Positive Phase III data in narcolepsy from Axsome

US central nervous system (CNS) disorders specialist Axsome Therapeutics (Nasdaq: AXSM) today released encouraging late-stage results for its narcolepsy candidate AXS-12 (reboxetine), sending its shares edging up 2.6% to $100.00 in pre-market activity.

The company noted that AXS-12 (reboxetine), a highly selective and potent norepinephrine reuptake inhibitor and cortical dopamine modulator, achieved the primary endpoint in the ENCORE Phase III trial, demonstrating a statistically-significant improvement in the frequency of cataplexy attacks compared to placebo. AXS-12 was also well tolerated with long-term dosing with a safety profile consistent with that observed in previously completed trials.

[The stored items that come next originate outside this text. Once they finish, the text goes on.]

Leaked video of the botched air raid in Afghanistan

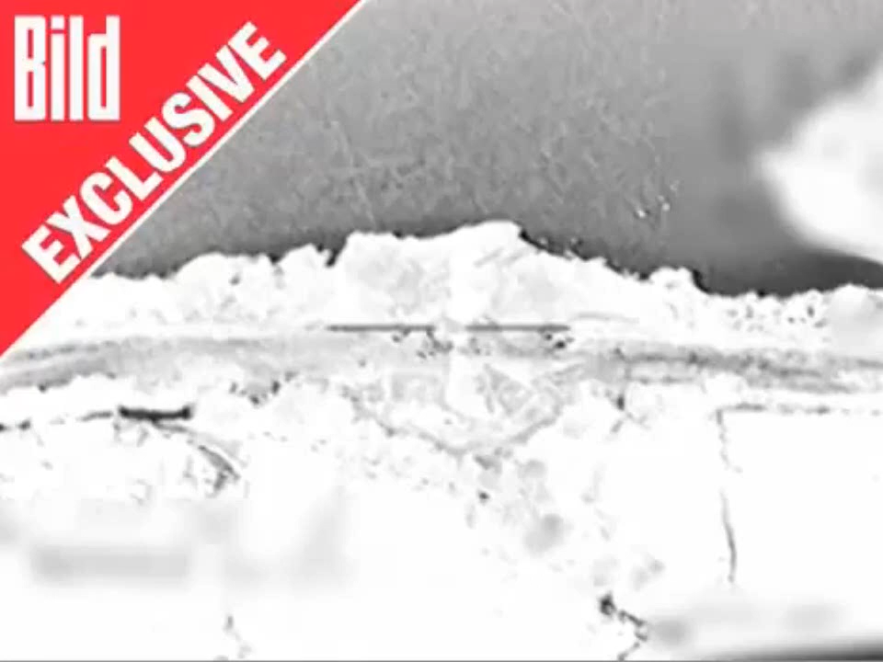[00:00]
These are aerial pictures of Afghanistan taken on the 4th of September from a US Air Force
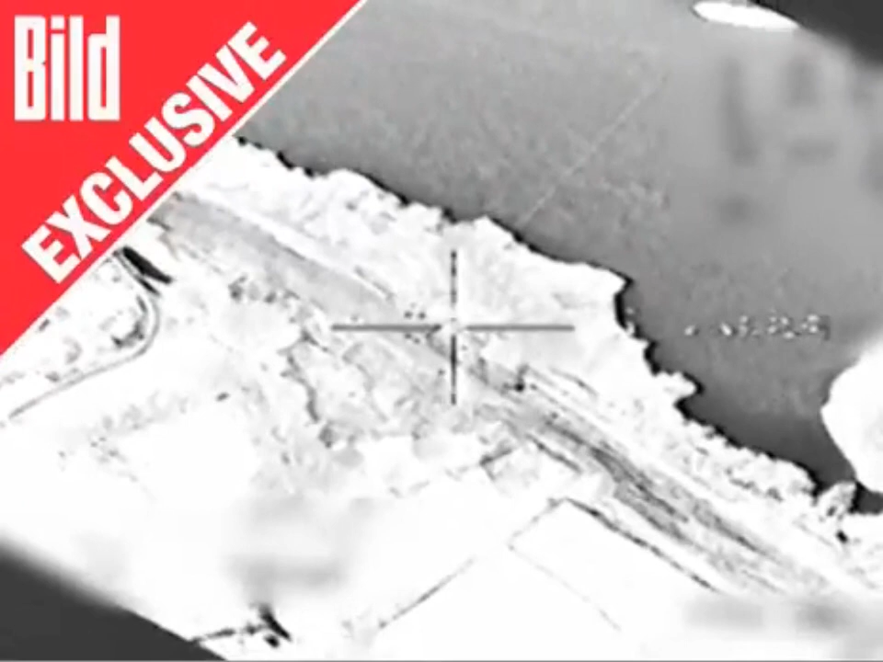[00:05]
F-15E Strike Eagle multi-role fighter.
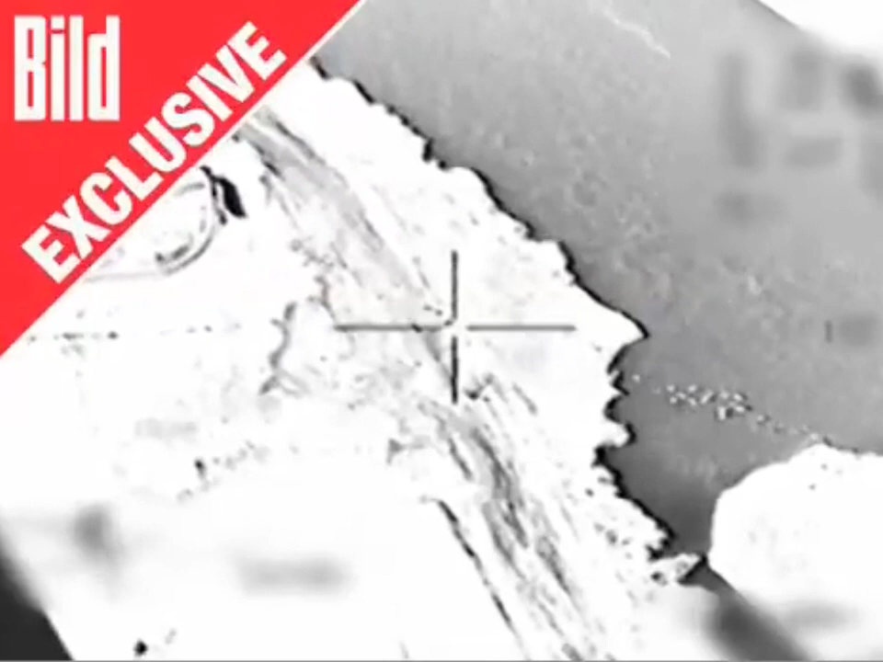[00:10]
In the pilot's line of sight are two tanker trucks stuck on the river bed of the Kunduz river. The small dots that you can see are people moving around the two lorries laden with fuel for the ISAF
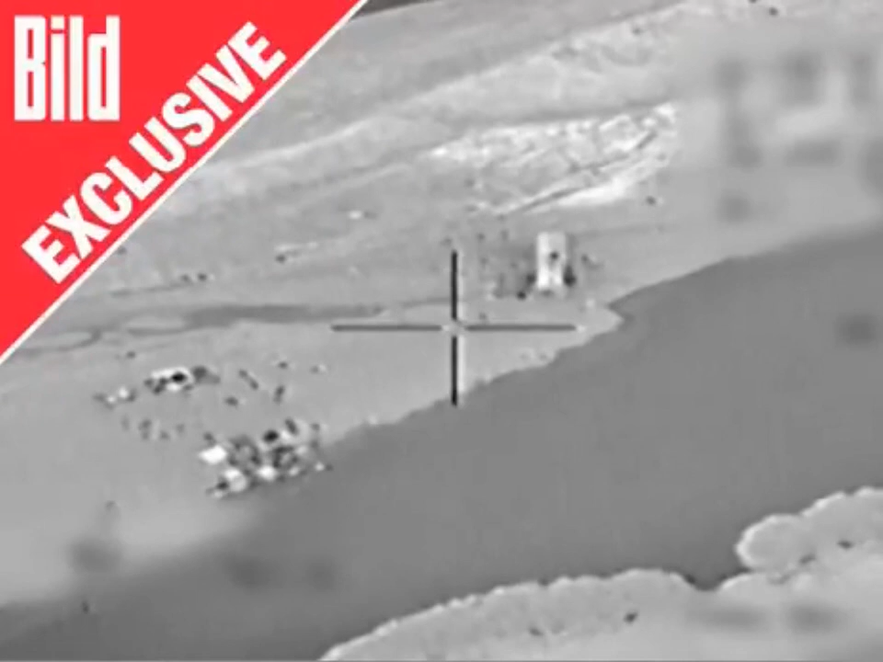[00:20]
troops which had been captured a few hours earlier by the Taliban.
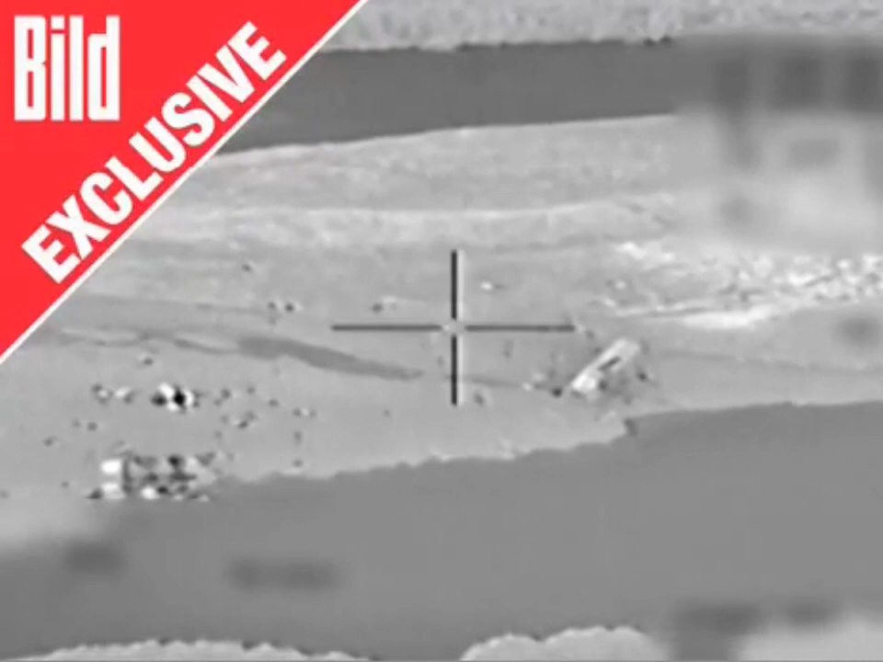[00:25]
These pictures from the F-15 codenamed Dude 15 were also being viewed in the German base at Kunduz.
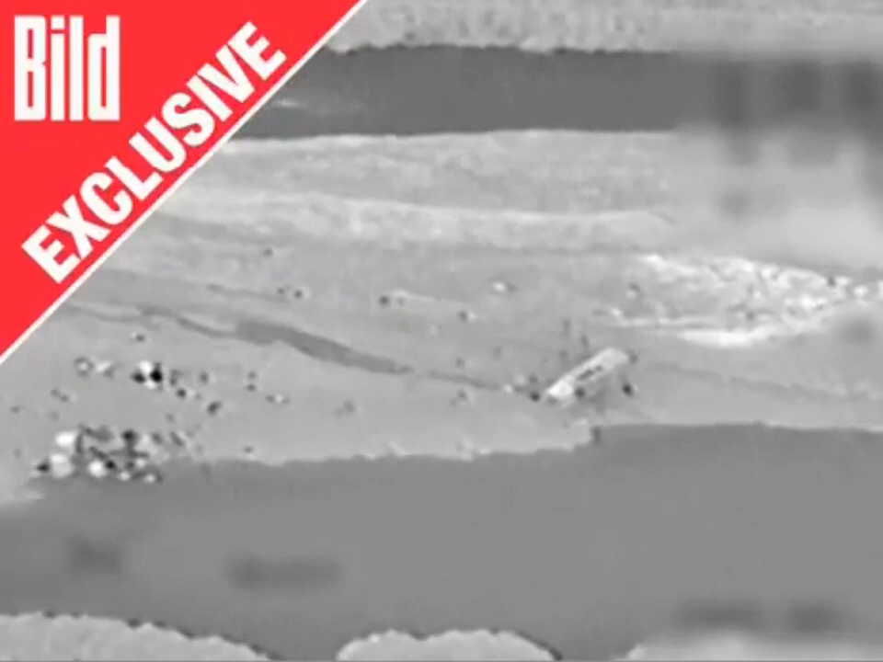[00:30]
There the German staff sergeant with the nickname Red Baron 20 watched the events on his monitor. At 1.36 the F-15 pilot asked whether he should carry out a low-flying maneuver to warn off the civilians.
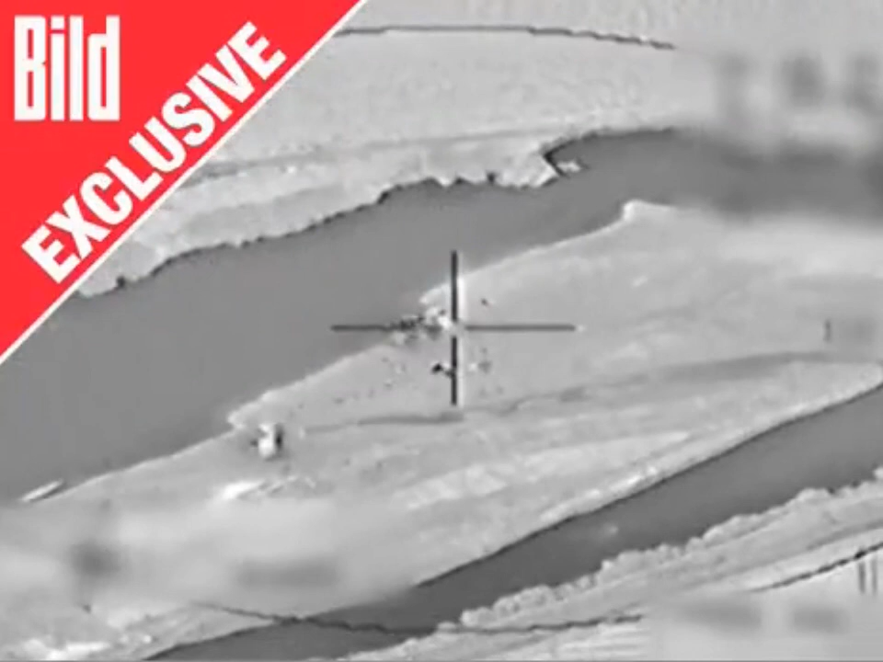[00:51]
This was affirmed by Red Baron. At 1.49 two GPS guided 227
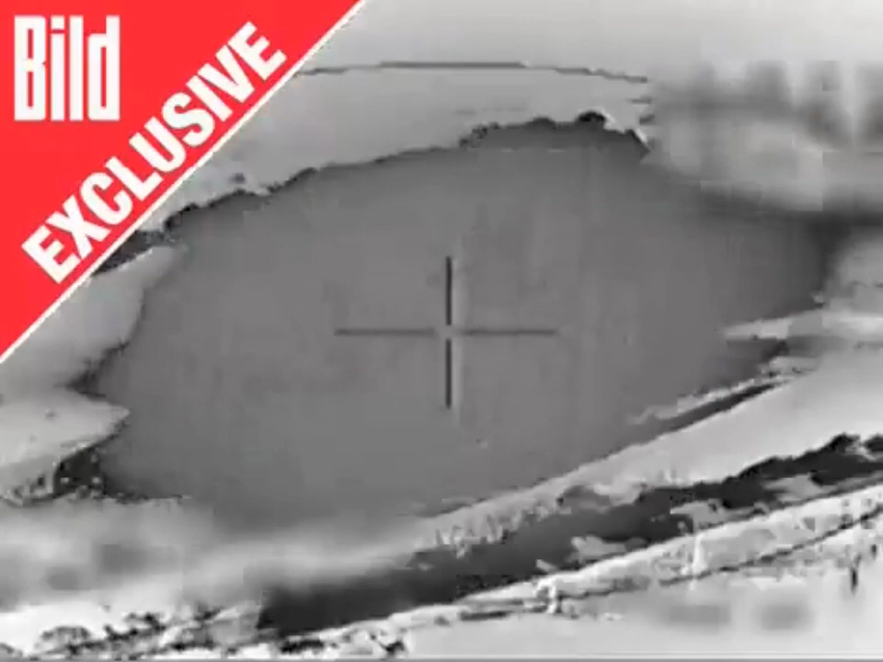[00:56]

ENCORE was a multi-enter, two-period Phase III trial evaluating the long-term efficacy and safety of AXS-12 in patients with narcolepsy with cataplexy, consisting of a 6-month open-label AXS-12 treatment period, followed by a three-week double-blind, placebo-controlled, randomized withdrawal period. The trial enrolled 68 patients in the six-month AXS-12 treatment period. Patients (n=42) were then randomized in a 1:1 ratio to continue treatment with AXS-12 or to discontinue AXS-12 and switch to placebo for three weeks.